Et, bien sûr, nous devons nous assurer que nous faisons tout ce qui est en notre pouvoir pour l’industrie pharmaceutique, qui est également un muscle financier important pour l’Europe.

Vous parlez de financement, que pouvons-nous attendre du prochain cadre financier pluriannuel (CFP) ?

Stine Bosse : La priorité absolue est de remettre l’argent pour la santé au centre de nos préoccupations.

Beaucoup d’argent a été retiré du budget, ce que je n’ai jamais compris. J’ai eu l’impression que la bulle bruxelloise pensait que nous pouvions aborder les questions de santé comme si le Covid-19 n’était plus un problème et que nous pouvions simplement passer à autre chose. C’est un non-sens.

Si vous interrogez les citoyens européens, a santé est l’une de leurs principales priorités.

La deuxième priorité est le renforcement de la santé. Lors de ses auditions, le commissaire au Budget, Piotr Serafin, a déclaré que ce que nous faisons ensemble doit être meilleur et moins cher. Alors faisons-le.

Je ne parle pas de déplacer les autorités des nations vers l’UE, mais de trouver tous les domaines où il est vraiment logique que nous travaillions ensemble.

Le retour au pouvoir de Donald Trump a eu un impact sur le Danemark, d’où vous êtes originaire, en particulier sur la question du Groenland. Pensez-vous que votre pays, ainsi que ses champions de la santé, comme Novo Nordisk, sera soumis à des droits de douane ?

Stine Bosse : Je suis sûre que nous serons visés. Mais n’ayons pas peur de ce type. Regardons-le droit dans les yeux. Les droits de douane nous appauvriraient tous, mais nous ne devons pas laisser les droits de douane s’accumuler devant nous sans agir.

Le paquet pharmaceutique jouera un rôle central dans ce mandat. Le Danemark a une position très claire, allez-vous adopter son point de vue ?

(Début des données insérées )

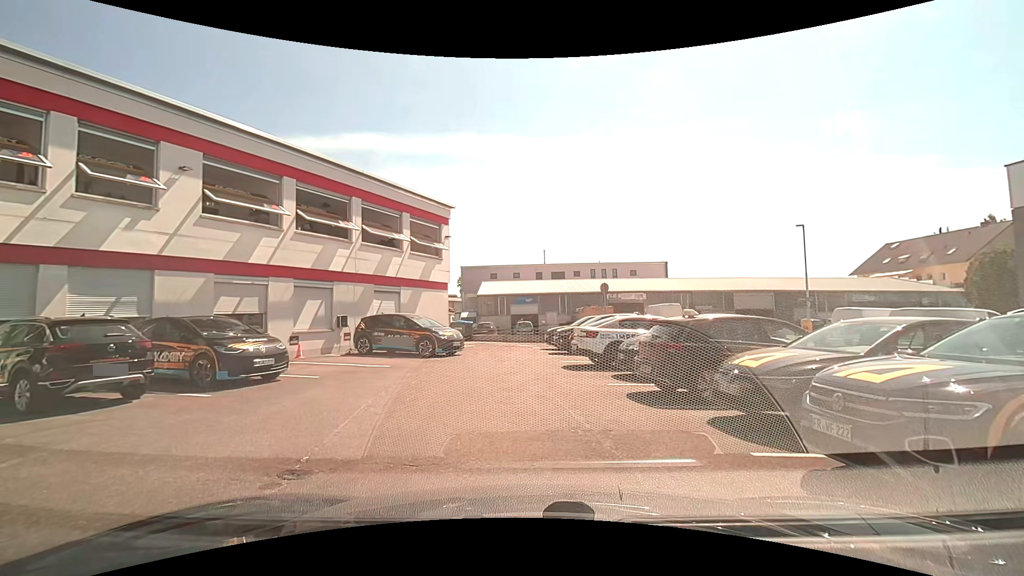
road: unclassified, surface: asphalt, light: Day
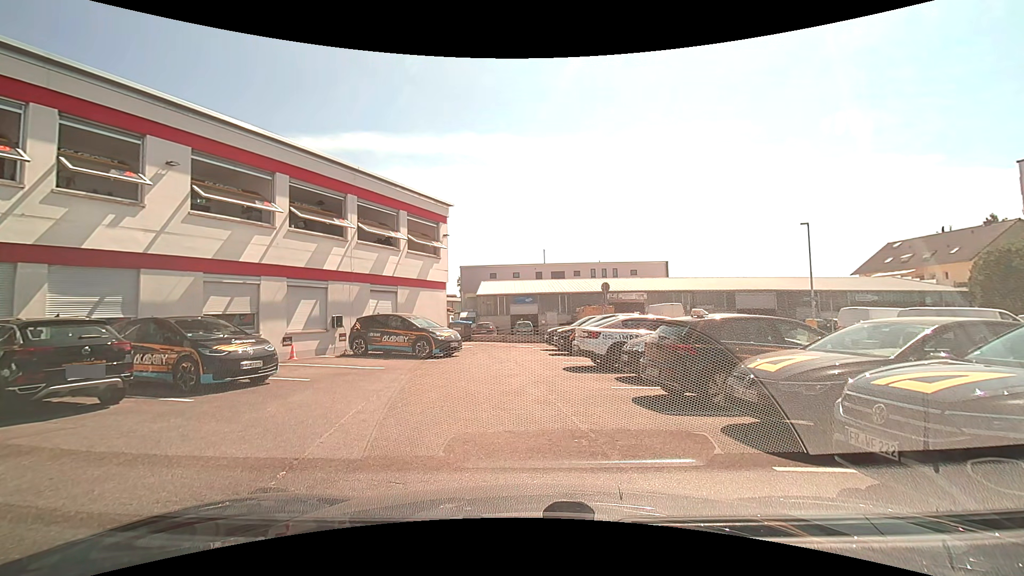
(0.0, +0.5) m; 0°
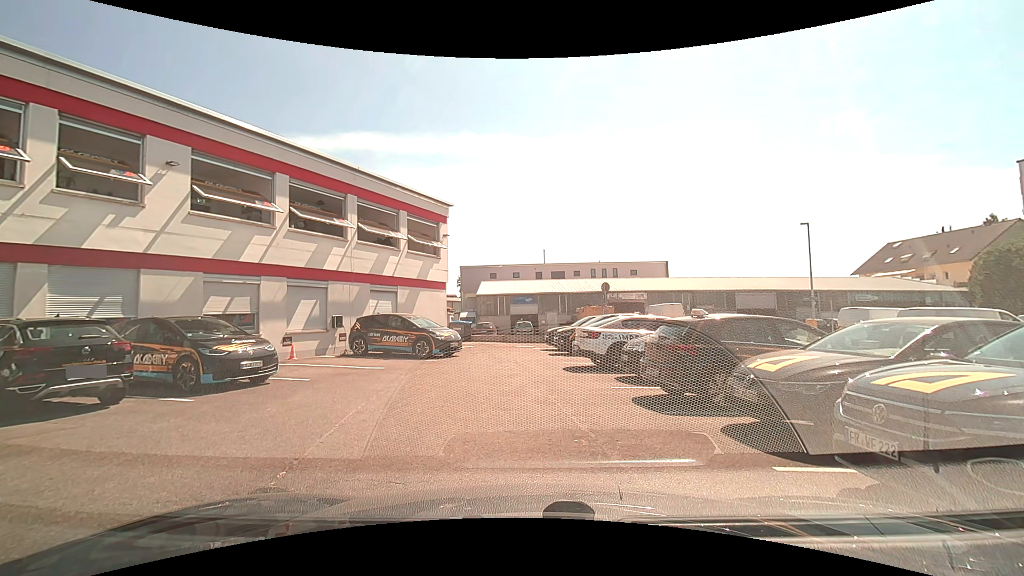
(0.0, 0.0) m; 0°
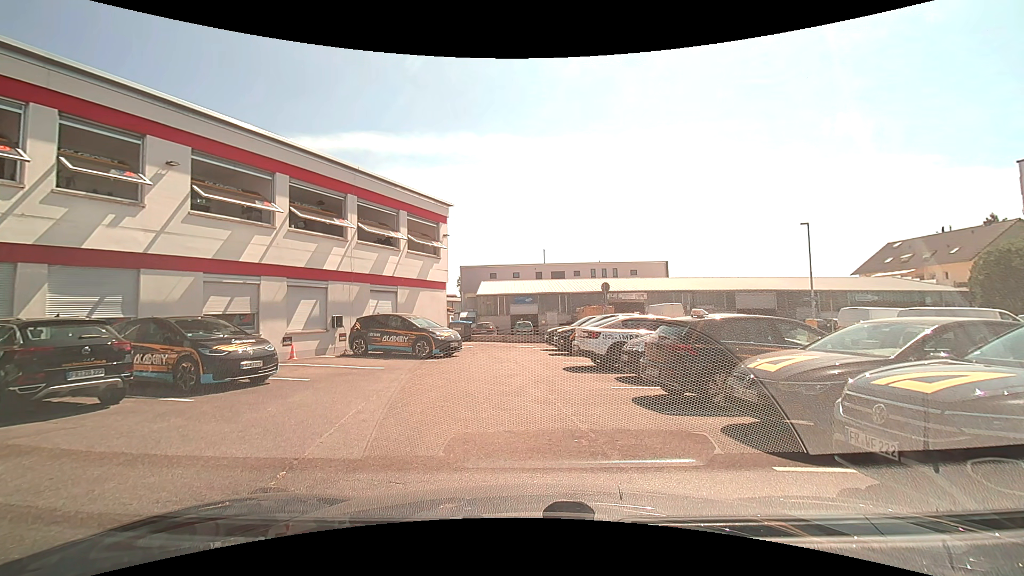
(0.0, 0.0) m; 0°
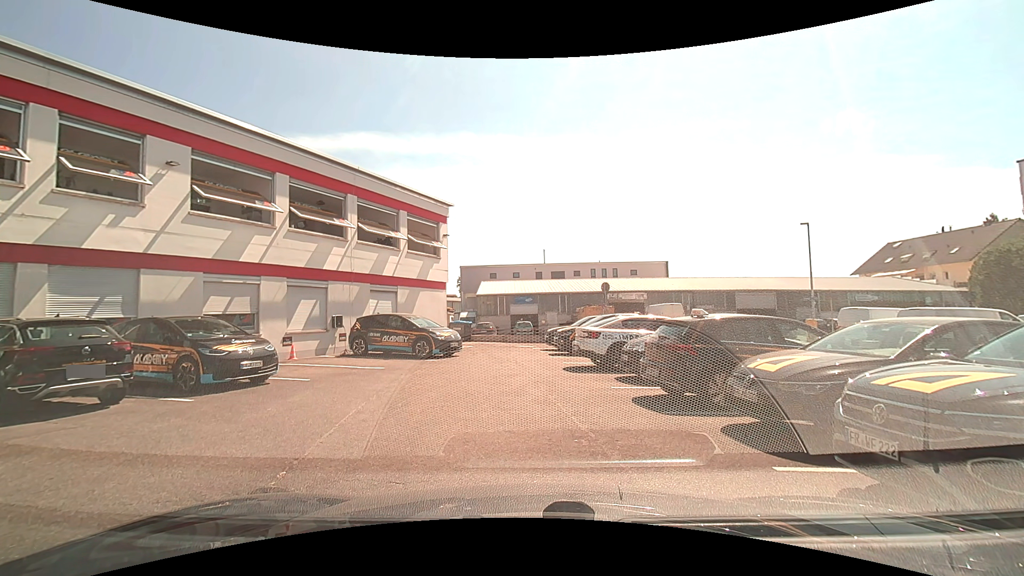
(0.0, 0.0) m; 0°
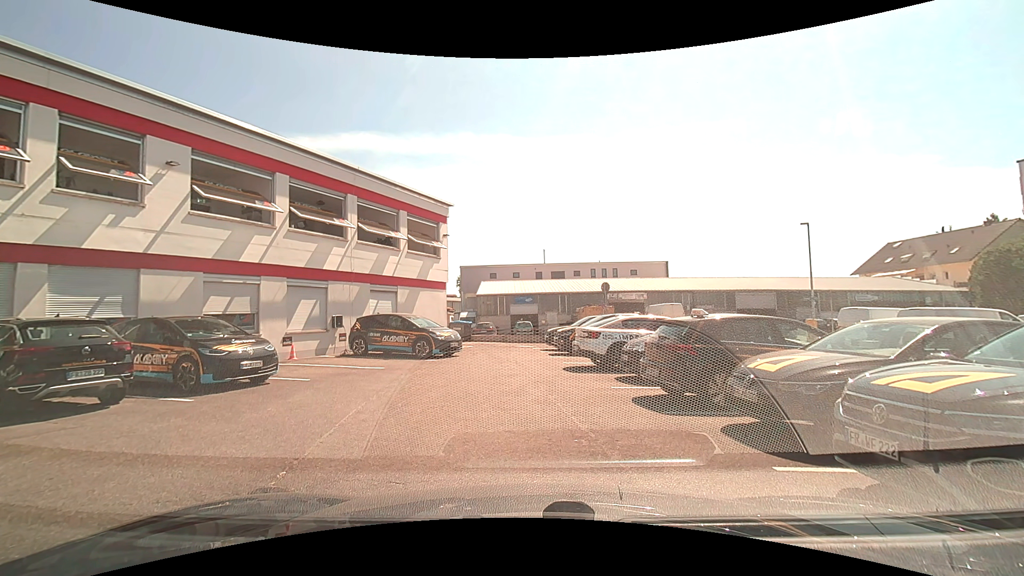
(0.0, 0.0) m; 0°
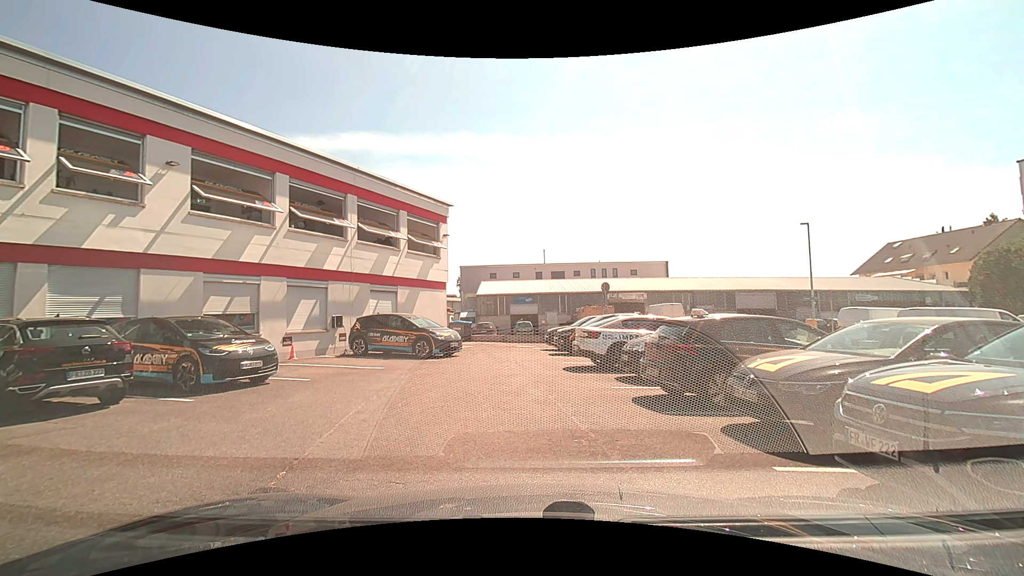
(0.0, 0.0) m; 0°
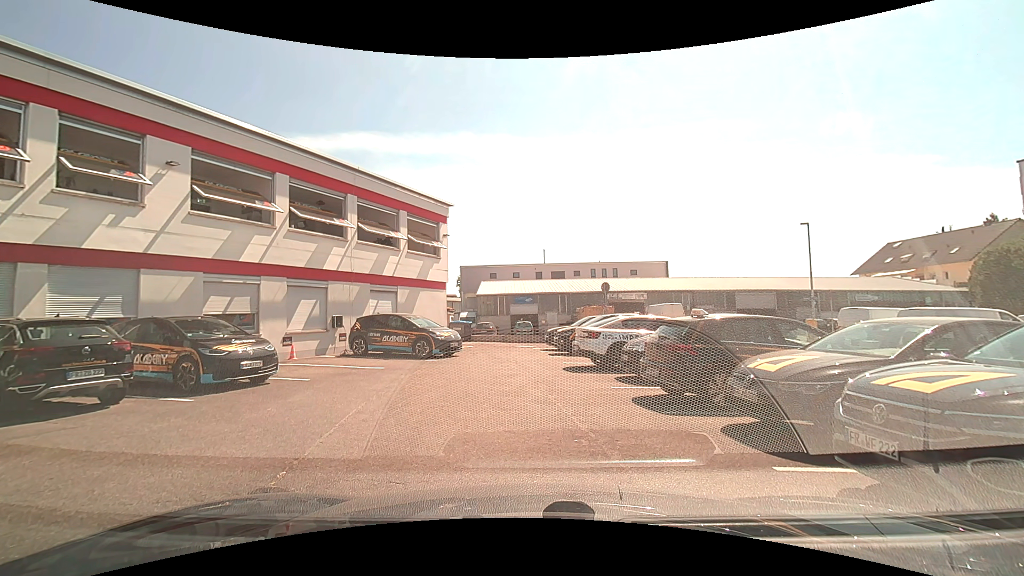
(0.0, 0.0) m; 0°

Stine Bosse : Le Danemark se préoccupe de la question des incitations.

Si vous représentez un pays où l’industrie pharmaceutique est forte, vous pouvez manquer de crédibilité en étant perçu comme « trop lié [au sujet] ». Mais vous pouvez aussi gagner en crédibilité si vous savez vraiment de quoi vous parlez. J’en suis tout à fait consciente, il serait complètement absurde de dire que je ne le suis pas.

Bien sûr, nous avons besoin d’une industrie pharmaceutique forte au niveau européen. Mais cette industrie doit reconnaître – et je pense qu’elle le fait – que nous avons également besoin d’elle pour bénéficier aux sociétés européennes et s’assurer de l’accès aux médicaments.

Renew Europe a perdu plus d’un quart de ses sièges lors des dernières élections. Comment gérez-vous cette perte d’influence ?

Stine Bosse : Regardez ce que je fais sur le plan politique. Cela ne peut pas être fait par un seul groupe politique au Parlement.

J’ai été l’une des personnes à l’origine de l’intergroupe sur le cancer et les maladies rares. Avec Pascal Canfin, j’ai également initié l’intergroupe sur les investissements et le financement. Pas plus tard que la semaine dernière, nous avons lancé l’intergroupe sur les biotechnologies.

Tout ce que je fais dans ce domaine va dans le même sens, et c’est voulu. Nous ne pouvons pas compter uniquement sur les groupes politiques auxquels nous appartenons.

Cela dit, il est très intéressant de constater que, dès que l’on parle de ces questions, l’extrême droite, le Parti populaire européen, Renew, presque toujours les Verts, et les Socialistes et Démocrates européens, se rassemblent. C’est parce que c’est logique.